The range starts at the line containing "424.68c4.031 0.504 8.062" and ends at the last line of the records below. Reproduce those lines exactly.
::: Supplied material
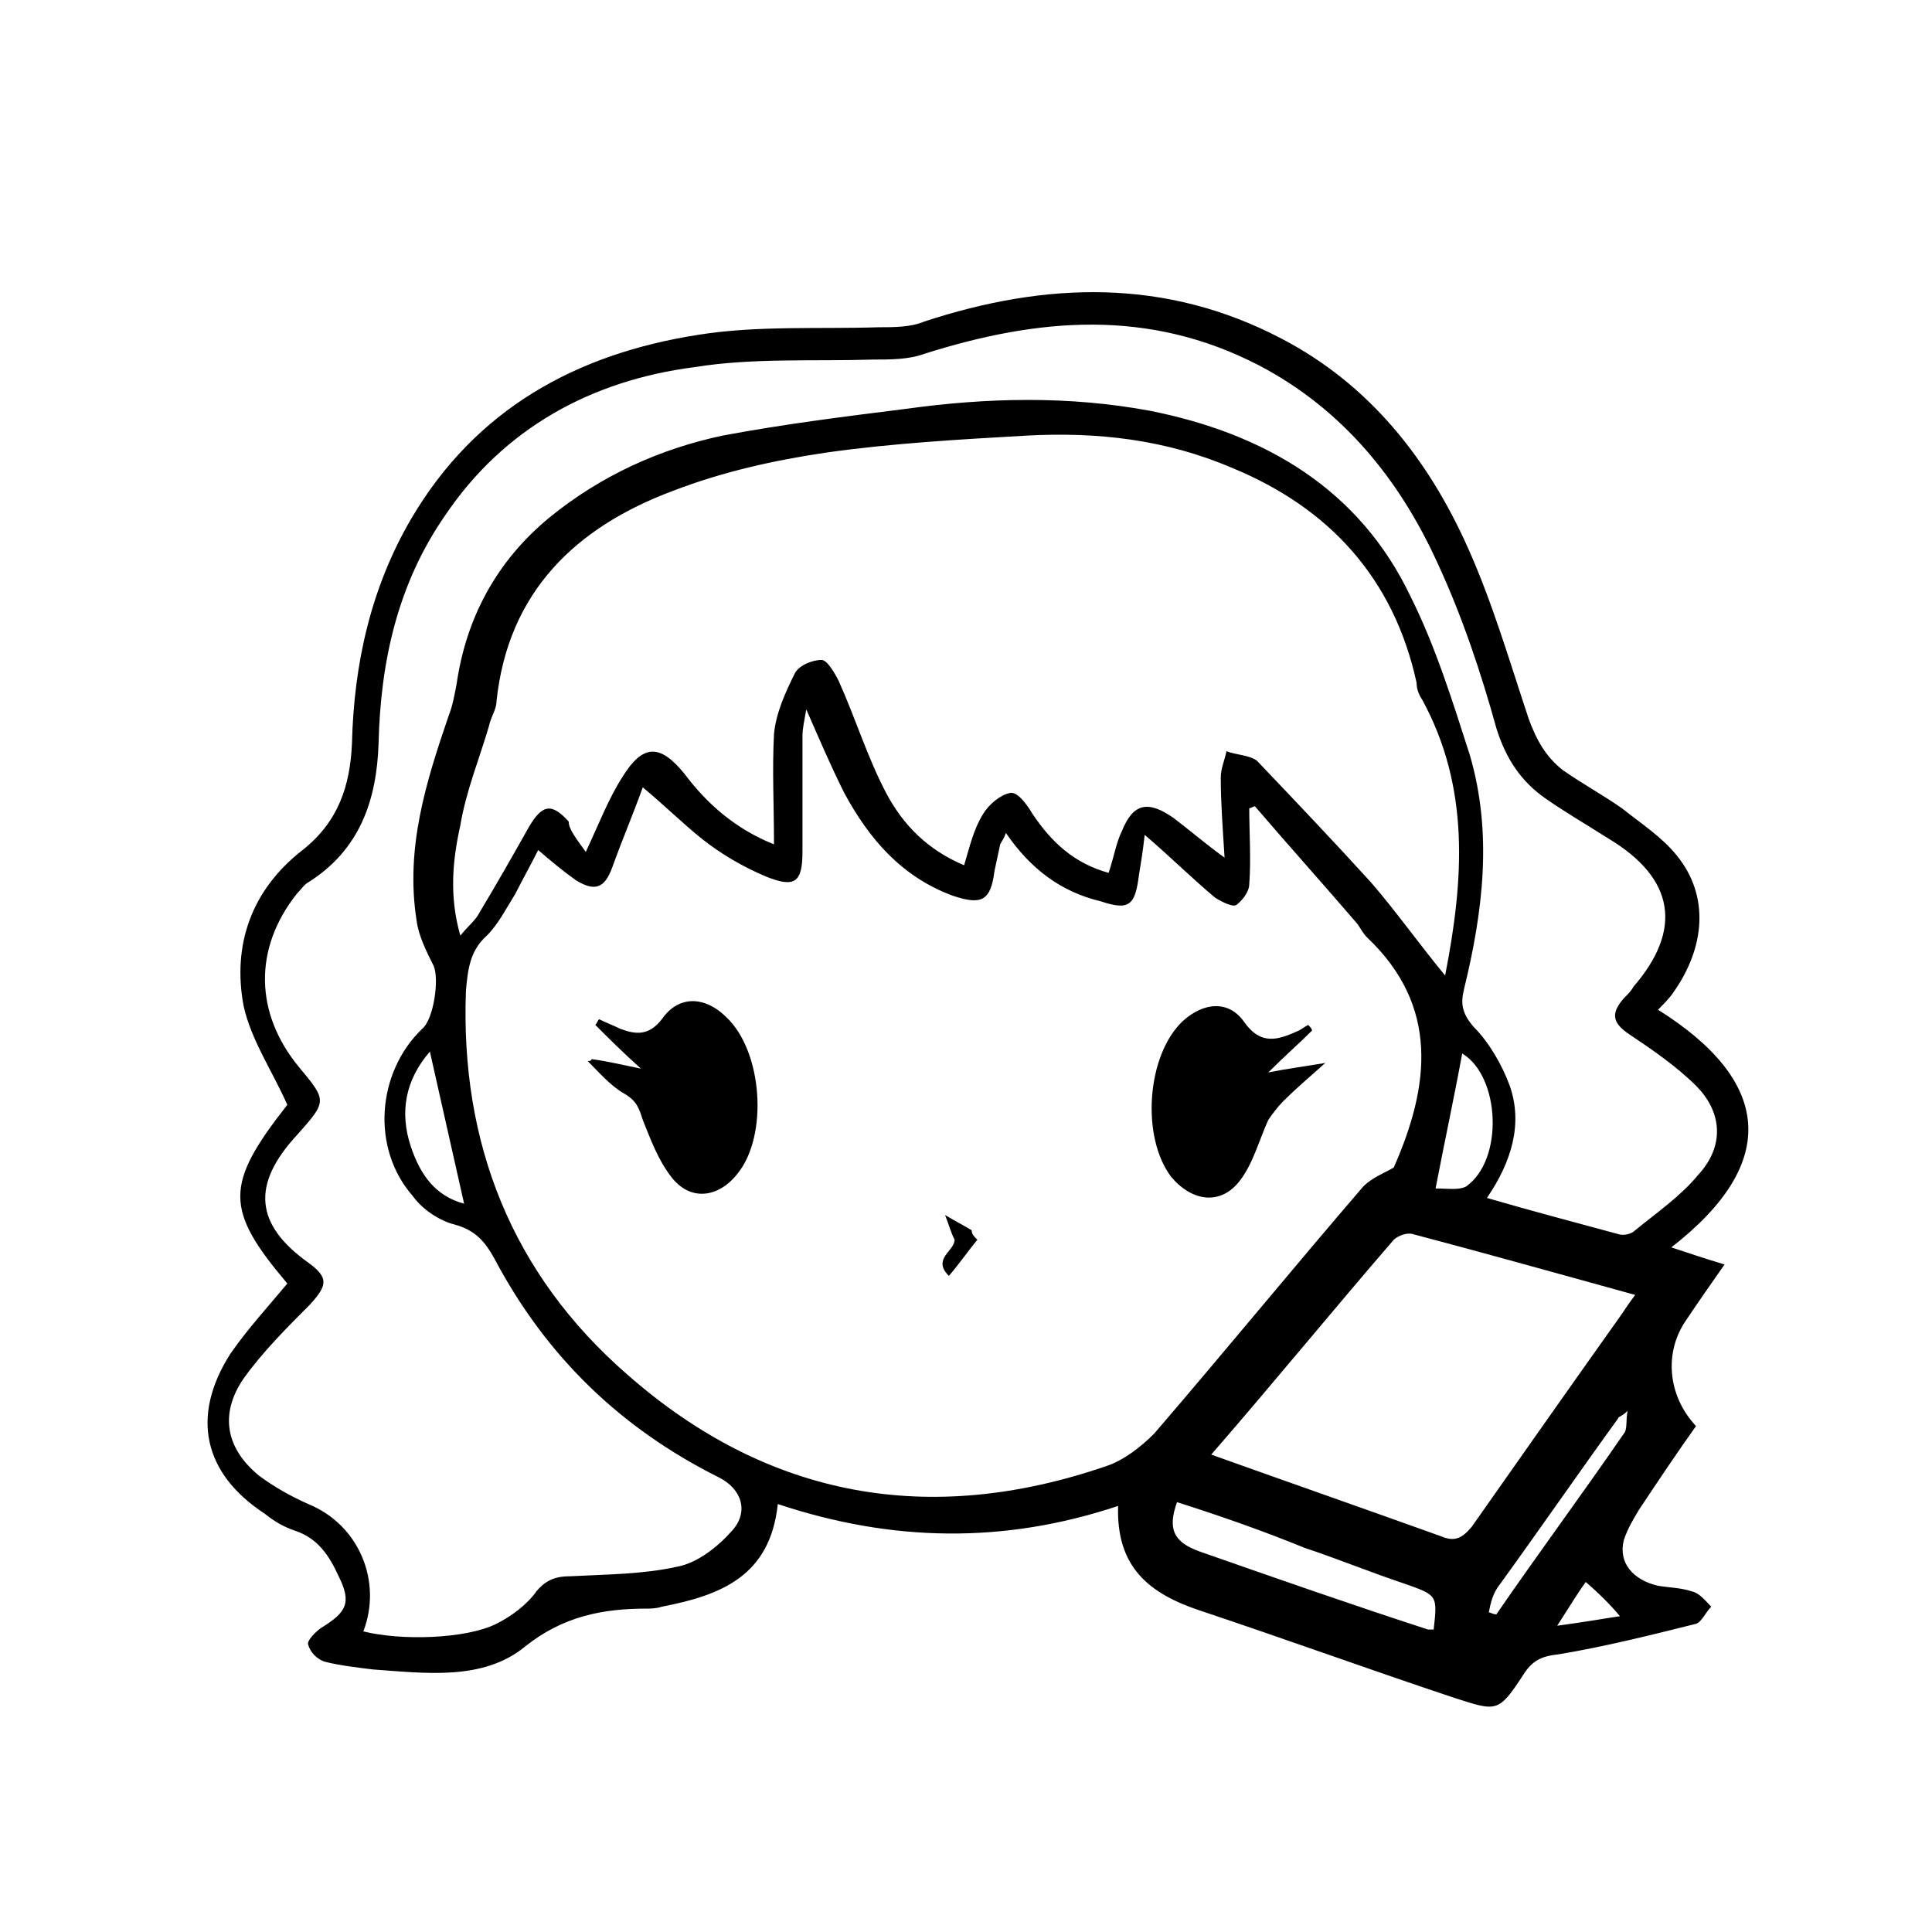 <?xml version="1.0" encoding="UTF-8"?>
<!-- Uploaded to: SVG Repo, www.svgrepo.com, Generator: SVG Repo Mixer Tools -->
<svg fill="#000000" width="800px" height="800px" version="1.1" viewBox="144 144 512 512" xmlns="http://www.w3.org/2000/svg">
 <g>
  <path d="m583.39 411.59c29.727 18.641 32.746 40.305 3.527 62.977 4.535 1.512 9.07 3.023 14.105 4.535-3.527 5.039-7.055 10.078-10.078 14.609-6.047 8.566-5.039 20.152 2.519 28.215-5.039 7.055-10.078 14.609-15.113 22.168-1.512 2.519-3.023 5.039-4.031 8.062-1.512 6.047 2.519 10.578 9.07 12.09 3.023 0.504 6.047 0.504 9.07 1.512 2.016 0.504 3.527 2.519 5.039 4.031-1.512 1.512-2.519 4.031-4.031 4.535-12.09 3.023-24.184 6.047-36.273 8.062-4.535 0.504-7.055 1.512-9.574 5.543-6.551 10.078-7.055 9.574-18.137 6.047-22.672-7.559-44.84-15.617-67.512-23.176-13.602-4.535-22.168-11.586-21.664-27.711-30.23 10.078-59.953 9.574-90.184-0.504-2.016 19.145-15.113 24.184-30.73 27.207-1.512 0.504-3.023 0.504-4.031 0.504-11.586 0-22.168 2.016-32.242 10.078-11.082 9.07-26.199 7.055-40.305 6.047-4.031-0.504-8.566-1.008-12.594-2.016-2.016-0.504-4.031-2.519-4.535-4.535-0.504-1.008 2.016-3.527 3.527-4.535 6.551-4.031 8.062-6.551 4.535-13.602-2.519-5.543-5.543-10.078-11.586-12.09-3.023-1.008-5.543-2.519-8.062-4.535-16.121-10.578-19.648-25.695-9.07-42.32 4.535-6.551 10.078-12.594 15.113-18.641-16.625-19.648-16.625-26.199 0-47.359-4.031-9.07-9.574-17.129-11.586-26.199-3.023-16.121 2.016-30.73 15.617-41.312 9.574-7.559 12.594-17.129 13.098-28.215 0.504-21.16 5.039-41.312 15.617-59.449 17.129-29.223 43.832-43.832 76.074-48.871 15.617-2.519 32.242-1.512 47.863-2.016 4.031 0 8.566 0 12.09-1.512 32.242-10.578 63.984-11.586 94.715 4.535 23.176 12.09 38.793 31.738 49.375 55.418 6.551 14.609 11.082 30.23 16.121 45.344 2.016 5.543 4.535 10.078 9.07 13.602 5.039 3.527 10.578 6.551 15.617 10.078 5.039 4.031 10.578 7.559 14.609 12.594 8.566 10.578 7.559 24.184-1.008 36.273-1.008 1.508-2.516 3.019-4.027 4.531zm-70.031 41.816c9.574-21.664 12.09-42.824-7.055-60.961-1.008-1.008-1.512-2.016-2.519-3.527-9.07-10.578-18.137-20.656-27.207-31.234-0.504 0-1.008 0.504-1.512 0.504 0 6.551 0.504 13.602 0 20.152 0 2.016-2.016 4.535-3.527 5.543-1.008 0.504-4.031-1.008-5.543-2.016-6.047-5.039-11.586-10.578-18.641-16.625-0.504 4.535-1.008 7.559-1.512 10.578-1.008 8.062-2.519 9.574-10.078 7.055-10.578-2.519-18.641-8.566-25.191-18.137-0.504 1.512-1.008 2.016-1.512 3.023-0.504 2.519-1.008 4.535-1.512 7.055-1.008 8.062-3.527 9.07-11.082 6.551-13.602-5.039-22.168-15.113-28.719-27.207-3.527-7.055-6.551-14.105-10.078-22.168-0.504 3.023-1.008 5.039-1.008 7.055v30.73c0 8.062-2.016 9.574-9.574 6.551-6.047-2.519-12.09-6.047-17.129-10.078-5.039-4.031-9.574-8.566-15.617-13.602-2.519 7.055-5.543 14.105-8.062 21.16-2.016 5.543-4.535 6.551-9.574 3.527-3.527-2.519-6.551-5.039-10.078-8.062-2.016 4.031-4.031 7.559-6.047 11.586-2.519 4.031-4.535 8.062-7.559 11.082-4.535 4.031-5.039 9.07-5.543 14.609-1.512 40.305 12.09 75.066 42.824 101.77 37.281 32.746 80.105 40.305 126.96 24.184 4.535-1.512 9.07-5.039 12.594-8.566 18.641-21.664 36.777-43.832 55.418-65.496 2.539-2.516 5.562-3.523 8.082-5.035zm-273.07 122.93c10.078 2.519 27.207 2.016 35.266-2.016 4.031-2.016 8.062-5.039 10.578-8.566 2.519-3.023 5.039-4.031 9.07-4.031 9.574-0.504 19.145-0.504 28.215-2.519 5.543-1.008 11.082-5.543 14.609-9.574 4.535-5.039 2.519-11.082-3.527-14.105-26.199-13.098-45.848-32.242-59.449-57.938-2.519-4.535-5.039-7.559-10.578-9.07-4.031-1.008-8.566-4.031-11.082-7.559-11.082-12.594-9.574-32.746 2.519-44.336 3.023-2.519 4.535-13.098 3.023-16.625-2.016-4.031-4.031-8.062-4.535-12.09-3.023-19.145 2.519-36.777 8.566-54.41 1.008-2.519 1.512-5.543 2.016-8.062 2.519-17.633 10.578-32.746 24.688-44.336 13.602-11.082 29.223-18.137 45.848-21.664 16.121-3.023 32.242-5.039 48.367-7.055 21.664-3.023 43.328-3.527 64.992 0.504 30.23 6.047 55.418 20.656 69.023 49.375 6.551 13.098 11.082 27.711 15.617 41.816 6.047 20.656 3.527 41.312-1.512 61.969-1.008 4.031-0.504 6.551 2.519 10.078 4.031 4.031 7.559 10.078 9.574 15.617 3.527 10.078 0.504 20.152-6.047 29.727 12.09 3.527 23.68 6.551 34.762 9.574 1.512 0.504 3.527 0 4.535-1.008 5.543-4.535 12.09-9.07 16.625-14.609 7.055-7.559 6.551-16.625-0.504-23.68-5.039-5.039-11.586-9.574-17.633-13.602-4.535-3.023-5.039-5.543-1.512-9.574 1.008-1.008 2.016-2.016 2.519-3.023 13.098-15.113 11.082-28.719-6.551-39.297-5.543-3.527-11.586-7.055-16.625-10.578-6.551-4.535-10.578-10.578-13.098-18.641-4.031-14.609-9.07-29.727-15.617-43.832-10.078-22.168-25.191-40.809-47.359-52.395-29.223-15.113-58.441-12.594-88.672-3.023-4.031 1.512-9.07 1.512-13.602 1.512-15.617 0.504-31.738-0.504-47.359 2.016-27.207 3.527-50.383 16.121-66 39.297-12.594 18.137-17.129 38.793-17.633 60.457-0.504 15.113-5.039 28.215-18.641 36.777-1.008 0.504-2.016 2.016-3.023 3.023-11.586 14.609-11.082 31.738 0.504 45.848 7.559 9.07 7.559 9.07-0.504 18.137-12.09 13.098-11.082 23.68 3.023 33.754 5.543 4.031 5.039 6.047 0.504 11.082-6.047 6.047-12.594 12.594-17.633 19.648-6.551 9.574-4.535 18.641 4.031 25.695 4.031 3.023 8.566 5.543 13.098 7.559 13.598 5.539 19.641 20.656 14.602 33.754zm58.949-206.56c3.527-7.559 6.047-14.105 9.574-19.648 5.543-9.07 10.078-9.07 16.625-1.008 6.047 8.062 13.602 14.609 23.68 18.641 0-10.578-0.504-19.648 0-29.223 0.504-5.543 3.023-11.082 5.543-16.121 1.008-2.016 4.535-3.527 7.055-3.527 1.512 0 3.527 3.527 4.535 5.543 4.535 10.078 7.559 20.152 12.594 29.727 4.535 8.566 11.082 15.113 20.656 19.145 1.512-5.039 2.519-9.574 5.039-13.602 1.512-2.519 4.535-5.039 7.055-5.543 2.016-0.504 4.535 3.023 6.047 5.543 5.039 7.559 11.082 13.098 20.152 15.617 1.512-4.535 2.016-8.062 3.527-11.082 3.023-7.559 7.055-8.062 13.602-3.527 4.031 3.023 8.062 6.551 13.602 10.578-0.504-8.062-1.008-14.609-1.008-21.16 0-2.519 1.008-4.535 1.512-7.055 2.519 1.008 6.047 1.008 8.062 2.519 10.078 10.578 20.152 21.16 30.23 32.242 6.551 7.559 12.594 16.121 19.648 24.688 5.039-25.695 6.551-49.879-6.047-73.051-1.008-1.512-1.512-3.023-1.512-4.535-6.047-27.711-23.176-46.352-48.871-56.93-17.633-7.559-35.77-9.574-54.41-8.566-17.633 1.008-35.77 2.016-53.402 4.535-13.602 2.016-27.207 5.039-40.305 10.078-25.695 9.574-43.832 26.703-46.855 55.922 0 2.016-1.512 4.031-2.016 6.551-2.519 8.566-6.047 17.129-7.559 26.199-2.016 9.07-3.023 18.641 0 29.223 2.016-2.519 4.031-4.031 5.039-6.047 4.535-7.559 8.566-14.609 13.098-22.672 3.527-6.047 6.047-6.551 10.578-1.512-0.004 2.012 2.012 4.531 4.531 8.059zm165.75 159.71c21.16 7.559 41.312 14.609 60.961 21.664 3.527 1.512 5.543 0.504 8.062-2.519 13.098-18.641 26.199-37.281 39.801-56.426 1.008-1.512 2.016-3.023 3.527-5.039-20.152-5.543-39.801-11.082-58.945-16.121-1.512-0.504-4.031 0.504-5.039 1.512-16.121 18.641-31.738 37.785-48.367 56.93zm-9.066 12.598c-2.519 7.055-1.008 10.578 6.047 13.098 20.152 7.055 40.305 14.105 60.457 20.656h1.512c1.008-9.07 1.008-9.07-7.559-12.09-9.07-3.023-17.633-6.551-26.703-9.574-11.082-4.535-22.672-8.566-33.754-12.09zm68.52-83.129c3.023 0 6.047 0.504 8.062-0.504 10.078-7.055 9.07-29.223-1.008-35.266-2.019 11.082-4.539 22.668-7.055 35.77zm-257.45 4.031c-3.023-13.602-6.047-26.703-9.07-40.305-6.551 7.559-8.062 16.121-5.039 25.191 2.523 7.555 6.555 13.098 14.109 15.113zm271.55 108.32c0.504 0 1.008 0.504 2.016 0.504 11.082-16.121 22.672-31.738 33.754-47.863 1.008-1.008 0.504-3.527 1.008-6.047-1.512 1.512-2.519 1.512-2.519 2.016-10.578 14.609-20.656 29.223-31.234 43.832-2.016 2.519-2.519 5.039-3.023 7.559zm25.695-8.059c-1.512 2.016-4.031 6.047-7.559 11.586 7.559-1.008 13.098-2.016 16.625-2.519-2.519-3.023-5.543-6.047-9.066-9.066z"/>
  <path d="m300.75 424.68c4.031 0.504 8.062 1.512 13.098 2.519-5.039-4.535-8.566-8.062-12.09-11.586 0.504-0.504 0.504-1.008 1.008-1.512 2.016 1.008 3.527 1.512 5.543 2.519 4.031 1.512 7.559 2.016 11.082-2.519 4.535-6.551 11.586-6.047 17.129-0.504 9.574 9.07 11.082 31.234 3.023 41.312-5.039 6.551-12.594 7.559-17.633 1.008-3.527-4.535-5.543-10.078-7.559-15.113-1.008-3.023-1.512-5.039-5.039-7.055s-6.551-5.543-9.574-8.566c0.512 0 1.012 0 1.012-0.504z"/>
  <path d="m491.69 417.13c-3.527 3.527-7.055 6.551-11.586 11.082 5.039-1.008 9.07-1.512 15.113-2.519-4.535 4.031-8.062 7.055-11.082 10.078-1.512 1.512-3.023 3.527-4.031 5.039-2.519 5.543-4.031 11.586-7.559 16.121-5.039 6.551-12.594 5.543-18.137-1.008-8.062-10.578-6.551-32.242 3.023-41.312 5.543-5.039 12.09-5.543 16.121 0 4.535 6.551 9.07 5.039 14.609 2.519 1.008-0.504 1.512-1.008 2.519-1.512 0.504 0.504 1.008 1.008 1.008 1.512z"/>
  <path d="m403.02 472.55c-2.519 3.023-4.535 6.047-7.559 9.574-4.535-4.535 1.512-6.551 1.512-9.574-1.008-2.016-1.512-4.031-2.519-6.551 2.519 1.512 4.535 2.519 7.055 4.031 0.004 1.008 0.508 1.512 1.512 2.519z"/>
 </g>
</svg>
::::::
Response:
  <path d="m300.75 424.68c4.031 0.504 8.062 1.512 13.098 2.519-5.039-4.535-8.566-8.062-12.09-11.586 0.504-0.504 0.504-1.008 1.008-1.512 2.016 1.008 3.527 1.512 5.543 2.519 4.031 1.512 7.559 2.016 11.082-2.519 4.535-6.551 11.586-6.047 17.129-0.504 9.574 9.07 11.082 31.234 3.023 41.312-5.039 6.551-12.594 7.559-17.633 1.008-3.527-4.535-5.543-10.078-7.559-15.113-1.008-3.023-1.512-5.039-5.039-7.055s-6.551-5.543-9.574-8.566c0.512 0 1.012 0 1.012-0.504z"/>
  <path d="m491.69 417.13c-3.527 3.527-7.055 6.551-11.586 11.082 5.039-1.008 9.07-1.512 15.113-2.519-4.535 4.031-8.062 7.055-11.082 10.078-1.512 1.512-3.023 3.527-4.031 5.039-2.519 5.543-4.031 11.586-7.559 16.121-5.039 6.551-12.594 5.543-18.137-1.008-8.062-10.578-6.551-32.242 3.023-41.312 5.543-5.039 12.09-5.543 16.121 0 4.535 6.551 9.07 5.039 14.609 2.519 1.008-0.504 1.512-1.008 2.519-1.512 0.504 0.504 1.008 1.008 1.008 1.512z"/>
  <path d="m403.02 472.55c-2.519 3.023-4.535 6.047-7.559 9.574-4.535-4.535 1.512-6.551 1.512-9.574-1.008-2.016-1.512-4.031-2.519-6.551 2.519 1.512 4.535 2.519 7.055 4.031 0.004 1.008 0.508 1.512 1.512 2.519z"/>
 </g>
</svg>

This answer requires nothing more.